Collected data entries:
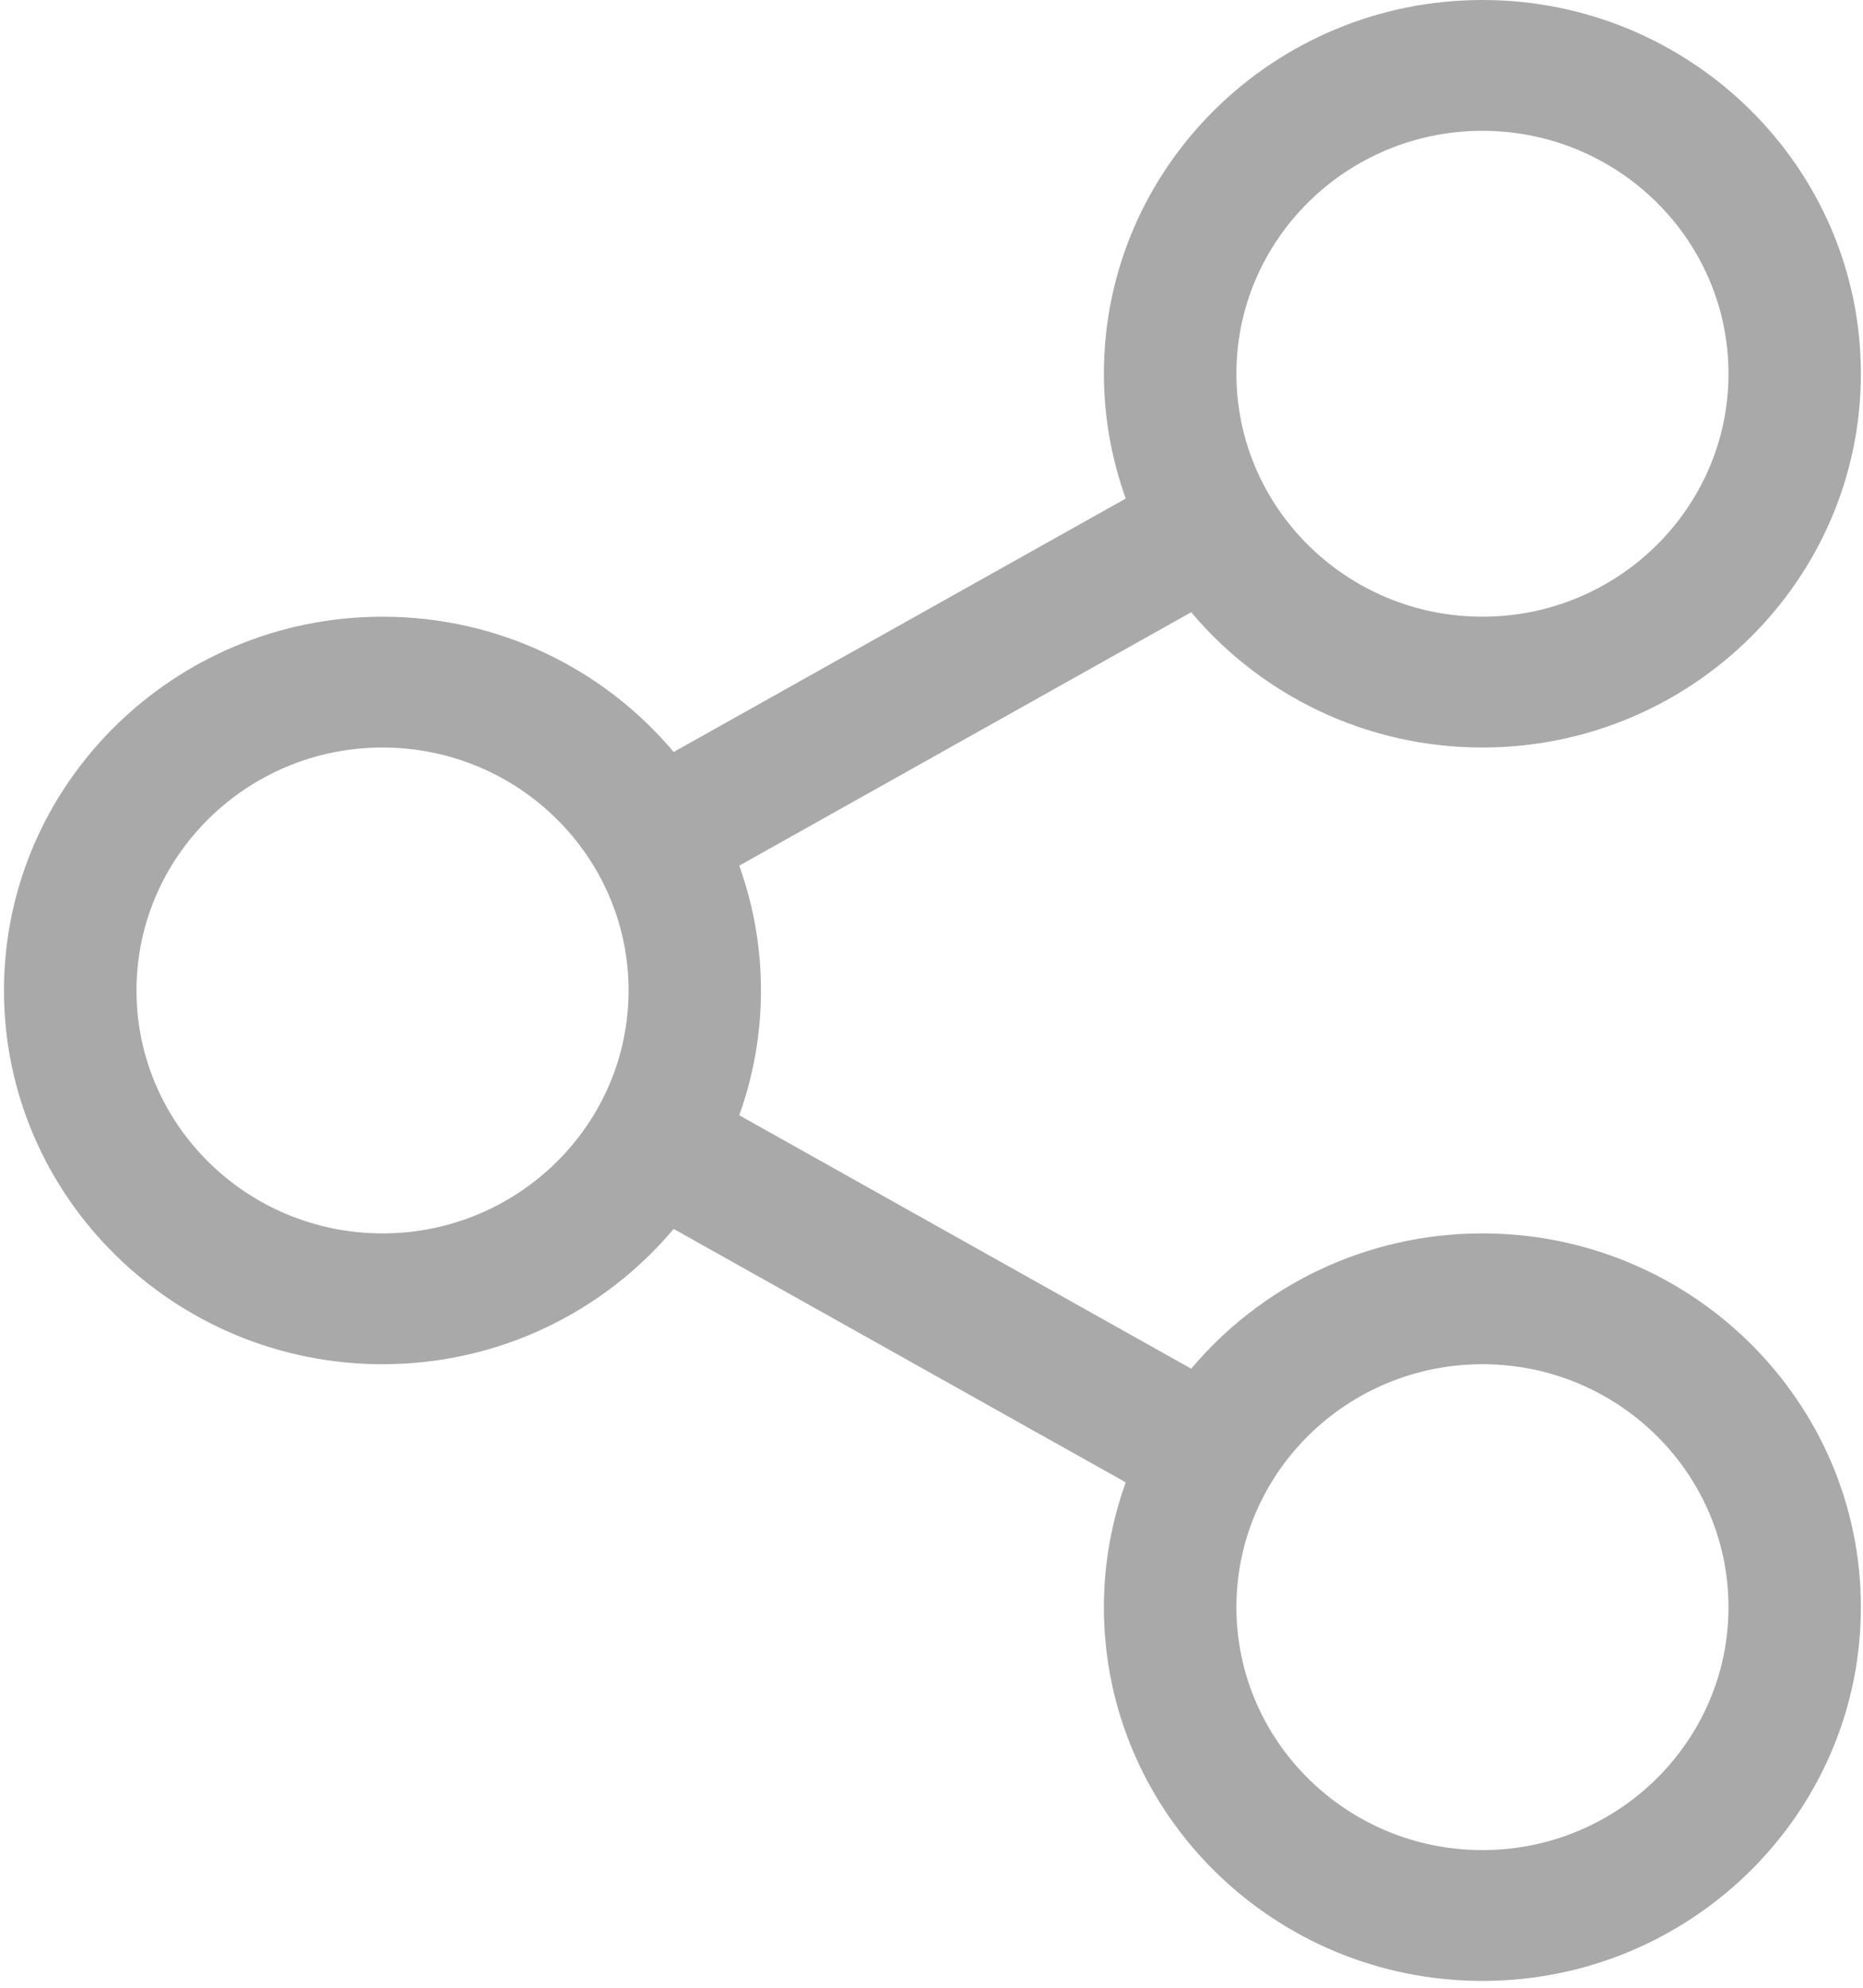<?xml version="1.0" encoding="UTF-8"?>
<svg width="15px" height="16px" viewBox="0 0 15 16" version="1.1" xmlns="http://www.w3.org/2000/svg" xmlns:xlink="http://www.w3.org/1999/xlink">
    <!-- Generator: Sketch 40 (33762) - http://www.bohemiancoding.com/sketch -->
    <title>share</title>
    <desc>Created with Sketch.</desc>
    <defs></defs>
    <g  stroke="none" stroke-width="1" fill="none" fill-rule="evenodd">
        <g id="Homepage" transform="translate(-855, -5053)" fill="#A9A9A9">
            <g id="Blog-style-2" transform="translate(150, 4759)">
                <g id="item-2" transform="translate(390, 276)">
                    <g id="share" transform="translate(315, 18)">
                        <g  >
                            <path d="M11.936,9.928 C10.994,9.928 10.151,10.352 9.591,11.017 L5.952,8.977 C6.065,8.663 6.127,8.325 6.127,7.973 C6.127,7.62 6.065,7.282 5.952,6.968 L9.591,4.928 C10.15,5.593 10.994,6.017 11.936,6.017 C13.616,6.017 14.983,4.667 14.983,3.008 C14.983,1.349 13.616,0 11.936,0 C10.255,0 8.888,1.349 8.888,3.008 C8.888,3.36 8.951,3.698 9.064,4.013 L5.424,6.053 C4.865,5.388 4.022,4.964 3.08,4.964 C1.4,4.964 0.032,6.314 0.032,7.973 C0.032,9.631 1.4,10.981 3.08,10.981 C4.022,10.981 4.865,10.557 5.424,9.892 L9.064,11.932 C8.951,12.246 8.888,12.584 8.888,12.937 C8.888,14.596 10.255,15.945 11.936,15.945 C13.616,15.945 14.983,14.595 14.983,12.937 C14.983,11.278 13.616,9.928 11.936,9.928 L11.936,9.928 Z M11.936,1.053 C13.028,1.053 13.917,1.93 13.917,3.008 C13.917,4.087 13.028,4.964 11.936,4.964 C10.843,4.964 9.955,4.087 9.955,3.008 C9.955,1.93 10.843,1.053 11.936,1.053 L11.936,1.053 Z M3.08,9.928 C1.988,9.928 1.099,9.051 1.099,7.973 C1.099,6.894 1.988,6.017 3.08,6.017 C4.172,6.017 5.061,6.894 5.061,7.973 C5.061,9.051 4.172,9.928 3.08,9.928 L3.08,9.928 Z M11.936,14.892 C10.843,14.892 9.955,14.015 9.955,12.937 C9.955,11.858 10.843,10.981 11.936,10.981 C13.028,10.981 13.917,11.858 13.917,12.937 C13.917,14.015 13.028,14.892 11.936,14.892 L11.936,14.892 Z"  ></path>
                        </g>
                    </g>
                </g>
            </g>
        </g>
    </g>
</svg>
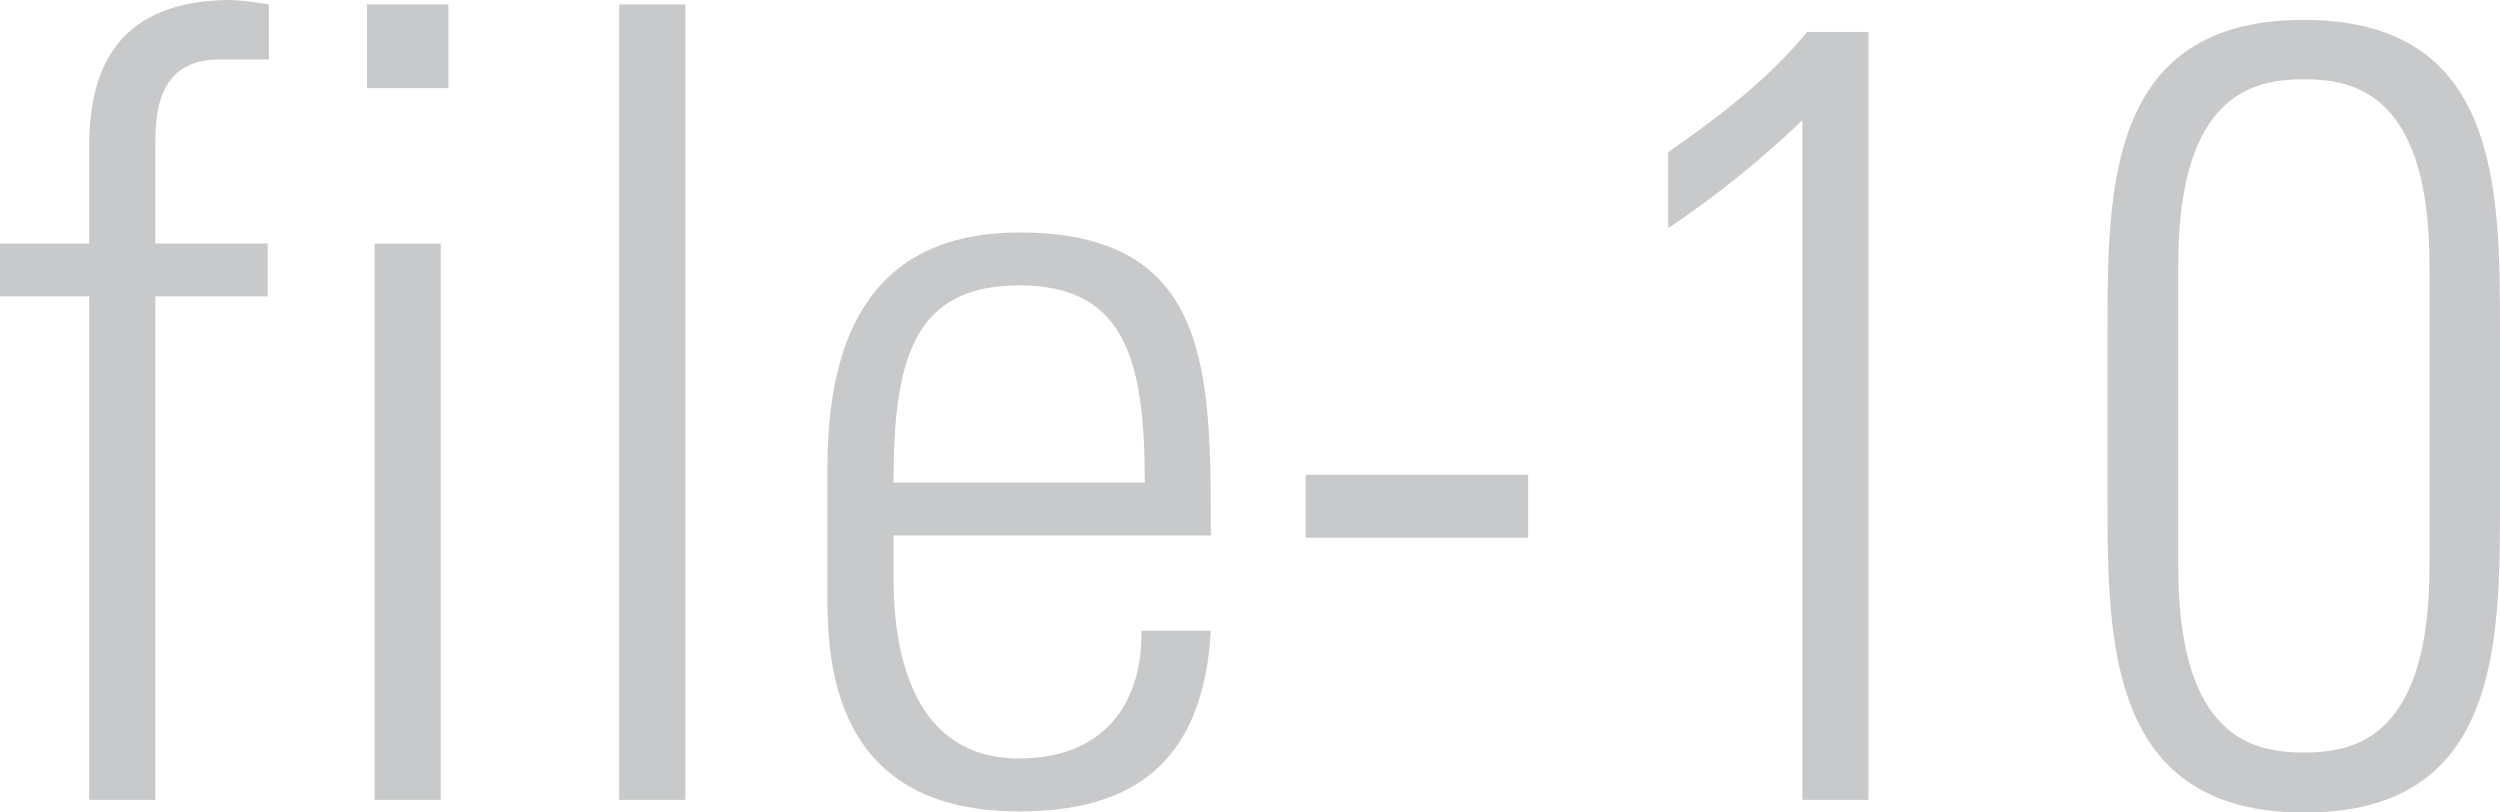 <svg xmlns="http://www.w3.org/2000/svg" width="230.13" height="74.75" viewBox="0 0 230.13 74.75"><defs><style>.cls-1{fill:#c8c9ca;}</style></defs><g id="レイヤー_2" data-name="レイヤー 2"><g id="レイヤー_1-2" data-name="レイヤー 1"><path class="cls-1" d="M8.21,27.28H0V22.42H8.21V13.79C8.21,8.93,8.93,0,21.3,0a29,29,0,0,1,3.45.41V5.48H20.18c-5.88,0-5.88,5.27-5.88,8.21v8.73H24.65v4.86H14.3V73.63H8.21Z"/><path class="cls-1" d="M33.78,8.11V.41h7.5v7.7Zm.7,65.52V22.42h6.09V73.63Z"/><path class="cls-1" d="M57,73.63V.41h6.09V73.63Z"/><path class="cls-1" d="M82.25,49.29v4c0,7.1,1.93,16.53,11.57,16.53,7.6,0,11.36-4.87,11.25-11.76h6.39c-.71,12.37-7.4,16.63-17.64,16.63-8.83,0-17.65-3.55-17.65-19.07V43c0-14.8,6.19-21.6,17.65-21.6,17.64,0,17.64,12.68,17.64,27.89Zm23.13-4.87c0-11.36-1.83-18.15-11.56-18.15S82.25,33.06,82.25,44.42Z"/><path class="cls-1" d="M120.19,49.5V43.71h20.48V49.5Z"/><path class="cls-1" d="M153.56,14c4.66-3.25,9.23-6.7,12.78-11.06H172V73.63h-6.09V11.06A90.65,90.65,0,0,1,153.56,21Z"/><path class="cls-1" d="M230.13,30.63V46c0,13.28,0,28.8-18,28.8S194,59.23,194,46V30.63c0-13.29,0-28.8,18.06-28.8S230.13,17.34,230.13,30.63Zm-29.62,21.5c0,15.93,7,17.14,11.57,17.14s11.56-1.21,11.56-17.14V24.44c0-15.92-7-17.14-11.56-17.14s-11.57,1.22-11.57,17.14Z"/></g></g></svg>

▶ What to work on: Would you retype all the lines shown above, exactly as written and without any picture?

▶ Task output:
<?xml version="1.0" encoding="UTF-8"?>
<svg width="15px" height="16px" viewBox="0 0 15 16" version="1.1" xmlns="http://www.w3.org/2000/svg" xmlns:xlink="http://www.w3.org/1999/xlink">
    <!-- Generator: Sketch 40 (33762) - http://www.bohemiancoding.com/sketch -->
    <title>share</title>
    <desc>Created with Sketch.</desc>
    <defs></defs>
    <g  stroke="none" stroke-width="1" fill="none" fill-rule="evenodd">
        <g id="Homepage" transform="translate(-855, -5053)" fill="#A9A9A9">
            <g id="Blog-style-2" transform="translate(150, 4759)">
                <g id="item-2" transform="translate(390, 276)">
                    <g id="share" transform="translate(315, 18)">
                        <g  >
                            <path d="M11.936,9.928 C10.994,9.928 10.151,10.352 9.591,11.017 L5.952,8.977 C6.065,8.663 6.127,8.325 6.127,7.973 C6.127,7.62 6.065,7.282 5.952,6.968 L9.591,4.928 C10.15,5.593 10.994,6.017 11.936,6.017 C13.616,6.017 14.983,4.667 14.983,3.008 C14.983,1.349 13.616,0 11.936,0 C10.255,0 8.888,1.349 8.888,3.008 C8.888,3.36 8.951,3.698 9.064,4.013 L5.424,6.053 C4.865,5.388 4.022,4.964 3.08,4.964 C1.4,4.964 0.032,6.314 0.032,7.973 C0.032,9.631 1.4,10.981 3.08,10.981 C4.022,10.981 4.865,10.557 5.424,9.892 L9.064,11.932 C8.951,12.246 8.888,12.584 8.888,12.937 C8.888,14.596 10.255,15.945 11.936,15.945 C13.616,15.945 14.983,14.595 14.983,12.937 C14.983,11.278 13.616,9.928 11.936,9.928 L11.936,9.928 Z M11.936,1.053 C13.028,1.053 13.917,1.93 13.917,3.008 C13.917,4.087 13.028,4.964 11.936,4.964 C10.843,4.964 9.955,4.087 9.955,3.008 C9.955,1.93 10.843,1.053 11.936,1.053 L11.936,1.053 Z M3.08,9.928 C1.988,9.928 1.099,9.051 1.099,7.973 C1.099,6.894 1.988,6.017 3.08,6.017 C4.172,6.017 5.061,6.894 5.061,7.973 C5.061,9.051 4.172,9.928 3.08,9.928 L3.08,9.928 Z M11.936,14.892 C10.843,14.892 9.955,14.015 9.955,12.937 C9.955,11.858 10.843,10.981 11.936,10.981 C13.028,10.981 13.917,11.858 13.917,12.937 C13.917,14.015 13.028,14.892 11.936,14.892 L11.936,14.892 Z"  ></path>
                        </g>
                    </g>
                </g>
            </g>
        </g>
    </g>
</svg>
 <svg xmlns="http://www.w3.org/2000/svg" width="230.13" height="74.75" viewBox="0 0 230.13 74.75"><defs><style>.cls-1{fill:#c8c9ca;}</style></defs><g id="レイヤー_2" data-name="レイヤー 2"><g id="レイヤー_1-2" data-name="レイヤー 1"><path class="cls-1" d="M8.21,27.28H0V22.42H8.21V13.79C8.21,8.93,8.93,0,21.3,0a29,29,0,0,1,3.45.41V5.48H20.18c-5.88,0-5.88,5.27-5.88,8.21v8.73H24.65v4.86H14.3V73.63H8.21Z"/><path class="cls-1" d="M33.78,8.11V.41h7.5v7.7Zm.7,65.52V22.42h6.09V73.63Z"/><path class="cls-1" d="M57,73.63V.41h6.09V73.63Z"/><path class="cls-1" d="M82.25,49.29v4c0,7.1,1.93,16.53,11.57,16.53,7.6,0,11.36-4.87,11.25-11.76h6.39c-.71,12.37-7.4,16.63-17.64,16.63-8.83,0-17.65-3.55-17.65-19.07V43c0-14.8,6.19-21.6,17.65-21.6,17.64,0,17.64,12.68,17.64,27.89Zm23.13-4.87c0-11.36-1.83-18.15-11.56-18.15S82.25,33.06,82.25,44.42Z"/><path class="cls-1" d="M120.19,49.5V43.71h20.48V49.5Z"/><path class="cls-1" d="M153.56,14c4.66-3.25,9.23-6.7,12.78-11.06H172V73.63h-6.09V11.06A90.65,90.65,0,0,1,153.56,21Z"/><path class="cls-1" d="M230.13,30.63V46c0,13.28,0,28.8-18,28.8S194,59.23,194,46V30.63c0-13.29,0-28.8,18.06-28.8S230.13,17.34,230.13,30.63Zm-29.62,21.5c0,15.93,7,17.14,11.57,17.14s11.56-1.21,11.56-17.14V24.44c0-15.92-7-17.14-11.56-17.14s-11.57,1.22-11.57,17.14Z"/></g></g></svg>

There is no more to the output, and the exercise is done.